Silverthorn · 01/09/2017 22:52

I think I would go mad too if my two trashed their room. Do you stay in with them until they are asleep or leave them to it? I would take 2yo up to bed. Sit with her until asleep, then take 4yo and sit with her too. After they have got into this routine, gradually retreat to a chair, then the landing.
It all sounds a bit dangerous too. What if they pull the dresser over?
Perhaps make sure they are thoroughly worn out from lots of exercise in the day too.

1DAD2KIDS · 01/09/2017 22:56

No worry, just look at news articles over the last ten years you'll find much worse, Shannon Matthews for example.

On a serious note be kind to your self. We are not robots. I have a 2 and a a 6 year old. They are generally very good kids but they have their moments. I have snapped in the past at them and I am a very laid back person. I think most parents has at some stage. Discipline is very important and started earlier the better in my experience, as soon as they get to that age where they start testing the boundaries. Solid predictable bedtime routine I find is a top tool. Persistence and not surrendering to child terrorism. With my first child we spent weeks of her getting out of bed, screaming at the gates etc. We just kept calmly kept picking her up and putting into bed without looking at her or acknowledging her. Eventually our resolve won an bed time were a breeze. Are the children loved and was anyone hurt? If you answered yes and the no all is good.

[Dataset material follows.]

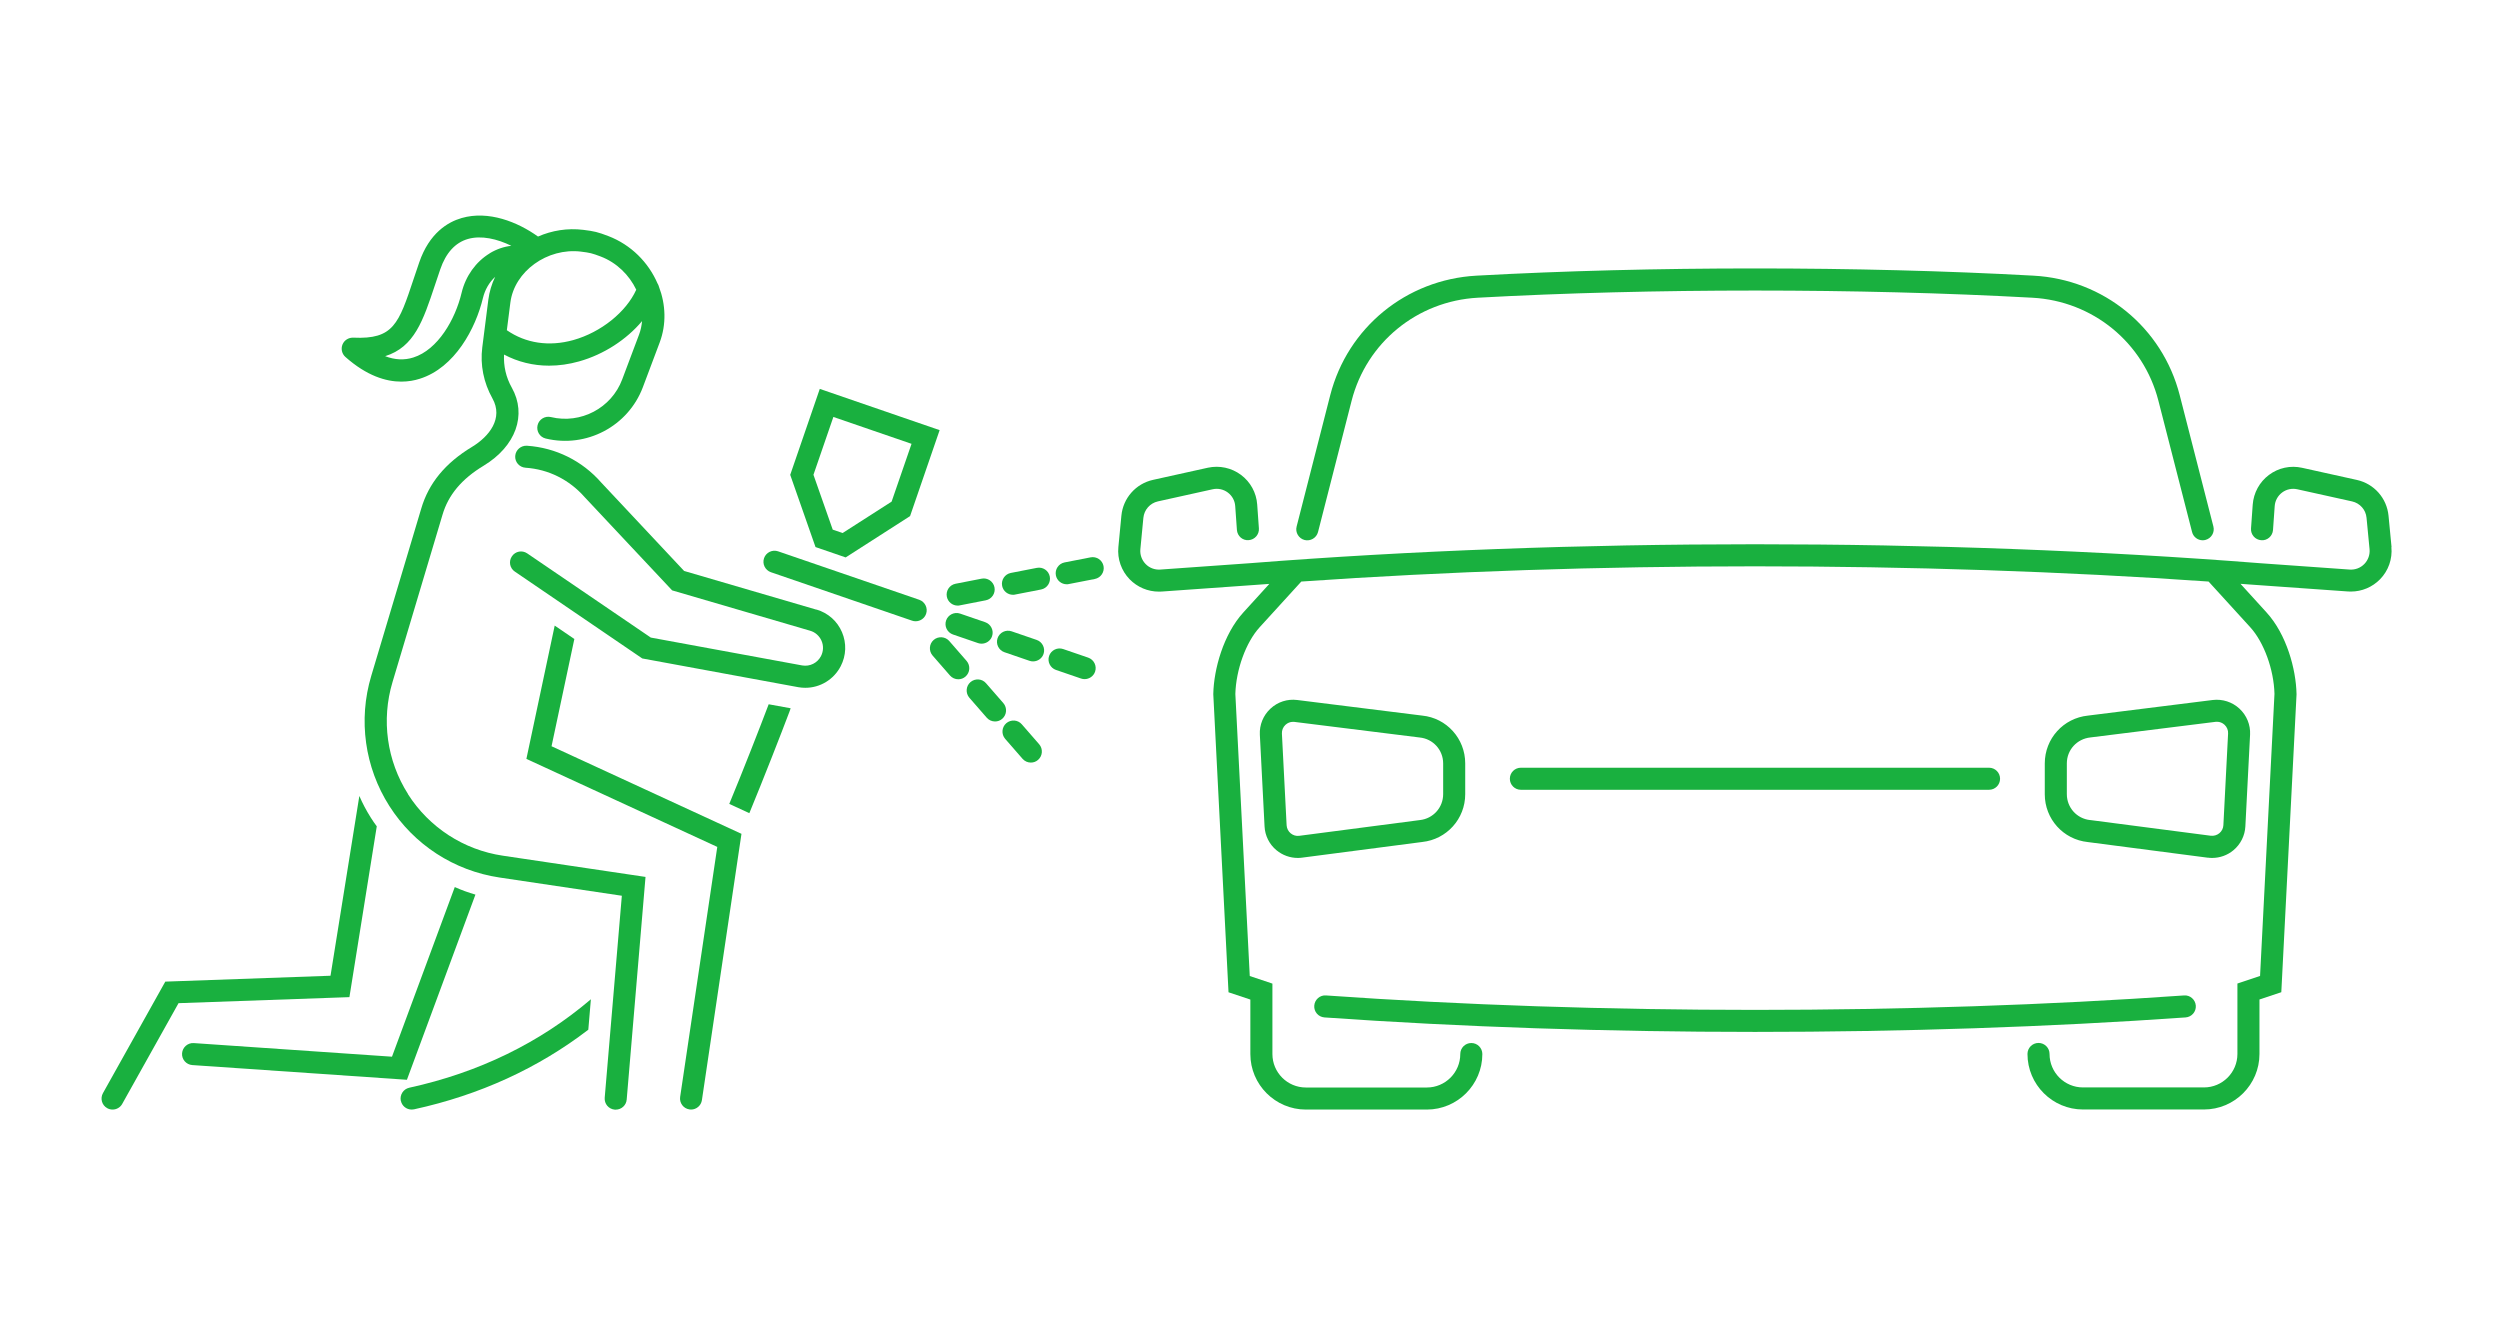 <?xml version="1.0" encoding="UTF-8"?><svg id="Lager_1" xmlns="http://www.w3.org/2000/svg" viewBox="0 0 340 180"><defs><style>.cls-1{fill:none;}.cls-2{fill:#19b03f;}</style></defs><rect class="cls-1" width="340" height="180"/><path class="cls-2" d="m325.25,74.41l-.41-4.27c-.23-2.39-1.96-4.35-4.31-4.87l-7.45-1.65c-1.57-.35-3.21,0-4.5.97-1.29.96-2.09,2.44-2.21,4.04l-.23,3.24c-.06.83.56,1.54,1.39,1.6.82.07,1.54-.56,1.6-1.39l.23-3.25c.05-.73.42-1.41,1.01-1.85.59-.44,1.34-.6,2.06-.44l7.45,1.65c1.07.24,1.87,1.13,1.97,2.23l.41,4.27c.07.74-.19,1.48-.71,2.01-.52.54-1.25.81-1.99.76l-12.25-.87s0,0,0,0c-43.62-3.43-93.65-3.43-137.27,0,0,0,0,0,0,0l-12.25.87c-.74.05-1.47-.22-1.99-.76s-.78-1.27-.71-2.01l.41-4.27c.11-1.09.9-1.99,1.97-2.23l7.45-1.65c.72-.16,1.47,0,2.06.44s.96,1.11,1.01,1.85l.23,3.24c.06.83.77,1.46,1.6,1.39.83-.06,1.45-.78,1.39-1.6l-.23-3.24c-.11-1.61-.92-3.08-2.21-4.04-1.29-.96-2.93-1.31-4.5-.97l-7.45,1.65c-2.35.52-4.08,2.48-4.31,4.87l-.41,4.27c-.16,1.62.41,3.23,1.54,4.39,1.05,1.07,2.47,1.67,3.96,1.67.13,0,.26,0,.4-.01l12.27-.87s0,0,0,0c0,0,0,0,0,0,.78-.06,1.58-.11,2.36-.17l-3.54,3.89c-2.71,2.98-4.01,7.71-4.08,11.07v.06s2.07,40.52,2.07,40.52l2.97.99v7.41c0,4.16,3.39,7.55,7.55,7.55h16.45c4.16,0,7.55-3.39,7.55-7.55,0-.83-.67-1.5-1.5-1.5s-1.5.67-1.5,1.5c0,2.51-2.04,4.55-4.55,4.55h-16.45c-2.51,0-4.55-2.04-4.55-4.55v-9.58l-3.08-1.03-1.96-38.36c.09-3.31,1.44-7.03,3.3-9.07l5.67-6.22c39.59-2.76,83.79-2.76,123.39,0l5.67,6.22c1.86,2.04,3.21,5.76,3.29,9.06l-1.96,38.36-3.08,1.03v9.58c0,2.51-2.04,4.55-4.55,4.55h-16.45c-2.51,0-4.55-2.04-4.55-4.55,0-.83-.67-1.5-1.5-1.5s-1.5.67-1.5,1.5c0,4.16,3.39,7.55,7.55,7.55h16.45c4.16,0,7.55-3.39,7.55-7.55v-7.41l2.97-.99,2.07-40.47v-.05s0-.05,0-.05c-.07-3.36-1.35-8.09-4.08-11.08l-3.54-3.89c.78.06,1.58.11,2.35.17,0,0,0,0,.01,0,0,0,0,0,0,0l12.27.87c.13,0,.26.01.39.01,1.49,0,2.91-.6,3.96-1.67,1.14-1.17,1.7-2.77,1.54-4.39Z"/><path class="cls-2" d="m180.12,138.37c18.61,1.31,38.58,1.97,58.56,1.97s39.95-.66,58.56-1.97c.83-.06,1.45-.78,1.39-1.6-.06-.83-.79-1.46-1.6-1.39-37.08,2.62-79.62,2.62-116.69,0-.82-.07-1.54.56-1.6,1.39-.06.83.56,1.54,1.39,1.6Z"/><path class="cls-2" d="m177.42,73.44c.8.2,1.62-.28,1.83-1.08l4.57-17.86c2.03-7.92,8.92-13.55,17.14-14.01,23.62-1.3,51.82-1.3,75.44,0,8.22.45,15.11,6.08,17.14,14l4.58,17.86c.17.68.78,1.13,1.45,1.13.12,0,.25-.02.37-.05.8-.21,1.29-1.02,1.08-1.83l-4.58-17.86c-2.36-9.2-10.34-15.73-19.88-16.25-23.72-1.31-52.04-1.31-75.77,0-9.54.53-17.52,7.06-19.88,16.26l-4.57,17.86c-.21.8.28,1.62,1.08,1.83Z"/><path class="cls-2" d="m300.27,116.64c.19.03.39.04.58.04,1.05,0,2.09-.37,2.9-1.05.97-.81,1.56-1.99,1.62-3.24l.64-12.47c.07-1.34-.46-2.63-1.44-3.54-.98-.91-2.31-1.34-3.64-1.18l-16.96,2.12c-3.35.34-5.88,3.13-5.88,6.51v4.19c0,3.36,2.51,6.15,5.85,6.5l16.34,2.13Zm-19.18-8.63v-4.19c0-1.83,1.37-3.34,3.22-3.53l17-2.12c.07,0,.13-.01.2-.01.38,0,.74.14,1.03.41.33.31.51.74.48,1.19l-.64,12.47c-.02.43-.22.82-.55,1.09-.33.27-.75.39-1.17.34l-16.36-2.13h-.04c-1.81-.19-3.17-1.7-3.17-3.52Z"/><path class="cls-2" d="m199.27,108.01v-4.19c0-3.37-2.53-6.17-5.85-6.5l-17-2.12c-1.33-.17-2.66.26-3.64,1.18-.98.91-1.51,2.21-1.44,3.54l.64,12.47c.06,1.26.65,2.44,1.62,3.24.82.68,1.85,1.05,2.9,1.05.19,0,.39-.01.58-.04l16.34-2.13c3.33-.35,5.85-3.15,5.85-6.5Zm-22.57,5.66c-.43.06-.84-.07-1.17-.34-.33-.28-.52-.66-.55-1.09l-.64-12.47c-.02-.46.15-.88.48-1.19.29-.27.65-.41,1.03-.41.06,0,.13,0,.2.01l17.03,2.12c1.82.18,3.19,1.7,3.19,3.52v4.19c0,1.82-1.37,3.33-3.17,3.52l-16.4,2.14Z"/><path class="cls-2" d="m270.51,107.41c.83,0,1.5-.67,1.5-1.5s-.67-1.5-1.5-1.5h-63.67c-.83,0-1.5.67-1.5,1.5s.67,1.5,1.5,1.5h63.67Z"/><path class="cls-2" d="m78.12,86.91l-2.68-1.83-3.85,18.13,25.96,11.97-5.05,34c-.12.82.44,1.58,1.26,1.7.07.01.15.02.22.02.73,0,1.37-.54,1.48-1.28l5.38-36.22-25.83-11.91,3.1-14.58Z"/><path class="cls-2" d="m104.54,95.78h0c-1.1,2.92-3.46,8.97-5.36,13.55l2.73,1.26c1.92-4.65,4.32-10.79,5.44-13.76l.11-.3c.03-.07.04-.14.06-.22-.04,0-.09,0-.13-.01l-2.85-.52Z"/><path class="cls-2" d="m111.02,82.91l-17.98-5.26-11.27-12.02c-2.59-2.96-6.18-4.74-10.1-5.01-.82-.05-1.54.57-1.6,1.39-.06.83.57,1.54,1.39,1.6,3.13.21,5.98,1.63,8.08,4.03l11.87,12.65,18.77,5.49c.7.2,1.26.71,1.55,1.37.29.67.26,1.42-.07,2.07-.49.95-1.52,1.46-2.56,1.28l-20.59-3.79-16.81-11.45c-.69-.47-1.62-.29-2.08.4-.47.69-.29,1.62.4,2.08l17.33,11.81,21.23,3.91c.32.06.64.08.95.08,2,0,3.86-1.11,4.81-2.94.75-1.45.81-3.13.17-4.63-.64-1.5-1.9-2.61-3.46-3.07Z"/><path class="cls-2" d="m55.49,107.99c-2.88-4.53-3.65-10.08-2.11-15.22l6.8-22.76c.79-2.7,2.62-4.88,5.59-6.67,4.38-2.65,5.92-6.92,3.83-10.63-.79-1.4-1.13-2.95-1.05-4.49,1.88,1,3.95,1.51,6.12,1.51,1.34,0,2.71-.19,4.09-.58,3.38-.95,6.46-2.98,8.56-5.48-.06.62-.18,1.24-.41,1.84l-2.29,6.09c-1.46,3.9-5.64,6.1-9.7,5.12-.8-.19-1.62.3-1.81,1.11-.19.81.3,1.62,1.11,1.81,5.53,1.33,11.21-1.67,13.21-6.98l2.29-6.09c.93-2.48.82-5.16-.1-7.57-.04-.16-.11-.32-.2-.46-1.23-2.84-3.58-5.25-6.7-6.44-1.39-.53-1.9-.66-3.38-.84-2.17-.27-4.29.09-6.17.91-2.77-1.99-6.74-3.57-10.38-2.52-1.87.54-4.4,2.02-5.78,6.05-.26.76-.5,1.48-.73,2.16-2.07,6.22-2.76,8.31-8.24,8.06-.63-.02-1.22.34-1.46.93-.24.59-.08,1.27.39,1.69,2.91,2.58,5.52,3.36,7.61,3.36.95,0,1.8-.16,2.51-.39,4.77-1.5,7.6-6.85,8.59-10.98.27-1.13.86-2.14,1.66-2.88-.47.98-.79,2.03-.93,3.14l-.82,6.45c-.3,2.39.18,4.79,1.38,6.94,1.52,2.71-.44,5.18-2.77,6.59-3.64,2.2-5.9,4.95-6.91,8.39l-6.8,22.76c-1.79,5.98-.89,12.43,2.46,17.69,3.35,5.27,8.81,8.81,14.98,9.73l16.64,2.48-2.33,27.47c-.07.83.54,1.55,1.37,1.62.04,0,.09,0,.13,0,.77,0,1.43-.59,1.49-1.37l2.56-30.28-19.42-2.89c-5.31-.79-10.01-3.84-12.89-8.37Zm23.51-73.77c1.24.15,1.51.22,2.68.66,2.19.83,3.9,2.53,4.85,4.52-1.36,3.02-4.78,5.79-8.56,6.85-3.3.92-6.47.44-9.04-1.34l.48-3.76c.54-4.25,5.02-7.48,9.6-6.93Zm-12.39.23c-1.9,1.15-3.29,3.1-3.83,5.36-.86,3.63-3.23,7.76-6.57,8.81-1.22.39-2.51.33-3.83-.18,3.97-1.24,5.16-4.82,6.77-9.66.22-.67.46-1.39.72-2.14.77-2.25,2.04-3.64,3.77-4.14,1.82-.52,3.99-.01,5.9.93-1,.11-2,.45-2.93,1.01Z"/><path class="cls-2" d="m51.24,112.38c-.28-.38-.56-.78-.81-1.18-.6-.95-1.12-1.93-1.56-2.95l-3.92,24.45-22.47.8-8.48,15.17c-.4.72-.15,1.64.58,2.04.23.13.48.19.73.19.53,0,1.04-.28,1.31-.77l7.66-13.7,23.24-.82,3.72-23.23Z"/><path class="cls-2" d="m64.67,121.67c-.97-.28-1.91-.62-2.82-1.03l-8.54,23.07-26.95-1.85c-.82-.06-1.54.57-1.6,1.39-.06.83.57,1.54,1.39,1.6l29.19,2,9.32-25.19Z"/><path class="cls-2" d="m54.52,149.72c.15.7.77,1.18,1.46,1.18.11,0,.21-.01.32-.03,8.94-1.95,16.89-5.6,23.71-10.83l.35-4.14c-6.93,5.91-15.23,9.96-24.7,12.03-.81.18-1.32.98-1.15,1.79Z"/><path class="cls-2" d="m125.02,81.57l-19.2-6.59c-.78-.27-1.64.15-1.91.93-.27.78.15,1.64.93,1.91l19.2,6.59c.16.06.33.08.49.08.62,0,1.21-.39,1.42-1.01.27-.78-.15-1.64-.93-1.91Z"/><path class="cls-2" d="m129.6,86.29l3.41,1.17c.16.06.33.08.49.08.62,0,1.21-.39,1.42-1.01.27-.78-.15-1.64-.93-1.91l-3.41-1.17c-.78-.27-1.64.15-1.91.93-.27.78.15,1.64.93,1.91Z"/><path class="cls-2" d="m140.99,87.03l-3.41-1.17c-.78-.27-1.64.15-1.91.93-.27.78.15,1.64.93,1.91l3.41,1.17c.16.06.33.08.49.08.62,0,1.21-.39,1.42-1.01.27-.78-.15-1.64-.93-1.91Z"/><path class="cls-2" d="m148,89.44l-3.41-1.17c-.78-.27-1.64.15-1.91.93-.27.78.15,1.64.93,1.91l3.41,1.17c.16.06.33.08.49.08.62,0,1.21-.39,1.42-1.01.27-.78-.15-1.64-.93-1.91Z"/><path class="cls-2" d="m131.47,89.9l-2.37-2.72c-.54-.62-1.49-.69-2.12-.15-.62.54-.69,1.49-.15,2.12l2.37,2.72c.3.34.71.51,1.13.51.35,0,.7-.12.98-.37.62-.54.69-1.49.15-2.12Z"/><path class="cls-2" d="m136.47,95.64l-2.37-2.72c-.54-.63-1.49-.69-2.12-.15-.62.54-.69,1.49-.15,2.12l2.37,2.72c.3.34.71.51,1.13.51.35,0,.7-.12.98-.37.62-.54.69-1.49.15-2.12Z"/><path class="cls-2" d="m138.97,98.51c-.54-.63-1.49-.69-2.12-.15-.62.54-.69,1.49-.15,2.12l2.37,2.72c.3.34.71.51,1.13.51.35,0,.7-.12.98-.37.62-.54.69-1.49.15-2.12l-2.37-2.72Z"/><path class="cls-2" d="m130.24,82.36c.1,0,.19,0,.29-.03l3.54-.69c.81-.16,1.34-.95,1.18-1.76-.16-.81-.95-1.35-1.76-1.18l-3.54.69c-.81.16-1.34.95-1.18,1.76.14.72.77,1.21,1.47,1.21Z"/><path class="cls-2" d="m142.77,78.41c-.16-.81-.94-1.34-1.76-1.18l-3.54.69c-.81.16-1.34.95-1.18,1.76.14.72.77,1.21,1.47,1.21.1,0,.19,0,.29-.03l3.54-.69c.81-.16,1.34-.95,1.18-1.76Z"/><path class="cls-2" d="m148.32,75.8l-3.54.69c-.81.16-1.34.95-1.18,1.76.14.72.77,1.21,1.47,1.21.1,0,.19,0,.29-.03l3.54-.69c.81-.16,1.34-.95,1.18-1.76s-.95-1.34-1.76-1.18Z"/><path class="cls-2" d="m115.01,75.81l8.76-5.62,4.02-11.69-16.3-5.61-4.02,11.69,3.44,9.82,4.1,1.41Zm-1.66-19.1l10.62,3.65-2.71,7.86-6.66,4.27-1.35-.46-2.62-7.46,2.71-7.87Z"/></svg>

Garlicansapphire · 01/09/2017 23:07

Its understandable but not desirable to totally lose it. As you recognised. I sympathise its not a good feeling at all.

Properly say sorry in the morning and then talk about it and explain - when its not bedtime and you are calm why it must not carry on and what the consequences will be - take away a toy or a privilege and then hold the line in a calm way. If you feel like you're tipping over and losing it literally walk away and take a timeout.

I agree with separate supervised calm bedtimes for each - bath, story, milk - whatever is a good wind down and calming process. And stick around till 2yr old is settled. Then maybe do 4 yr olds routine in a different room, your bedroom maybe for her calm story routine etc and maybe treat her a little differently - as the more grown up one who Mummy needs to be her little helper etc.

Good luck...WE've all lost it - we are human beings afterall but move on to a better place. I hope they improve and you get a break from the cycle.

Summerswallow · 01/09/2017 23:09

Poor you, it does sound like a nightmare and it's not surprising you snapped.

I would divide and conquer for a few weeks at least. Put the lightest child to bed in your bed, and get to sleep, put the 4 year old in her own bed with star chart/bribes/incentives as you see fit (or the Supernanny 'it's nighttime' no eye contact, just keep returning technique which is very firm but fair and calm for night I think) and then get her to sleep, them move the younger one into that room (or even leave her in the other room in her own bed/shared with you if you are on your own).

You can't go on with them both trashing everything night after night and it sounds like they are winding each other up and egging each other on, so you do need to break the pattern.

Summerswallow · 01/09/2017 23:13

It's also not worth putting them both to bed at 7 for several hours of bouncing about ending with screaming at 11pm. Better to get one dealt with early and the other in bed 9 onwards than this palava! Sounds like a plan. Don't beat yourself up about tonight, just plan how you can change things tomorrow to make it easier on yourself (and them, it can't be that nice for everyone to be so tired).

NoSquirrels · 01/09/2017 23:26

Do you usually do all bedtimes solo? Obviously if you have no other support then you have to get in with it, but if you have a DP to help then a two-person bedtime is much calmer.

Divide & conquer definitely sounds like a plan - I'd go all out bribery on the 4 year old of 20 minutes on the iPad while little sis is put to bed, then extra special mum & DD1 story time.

Two year olds are tough at bedtime. It'll get better!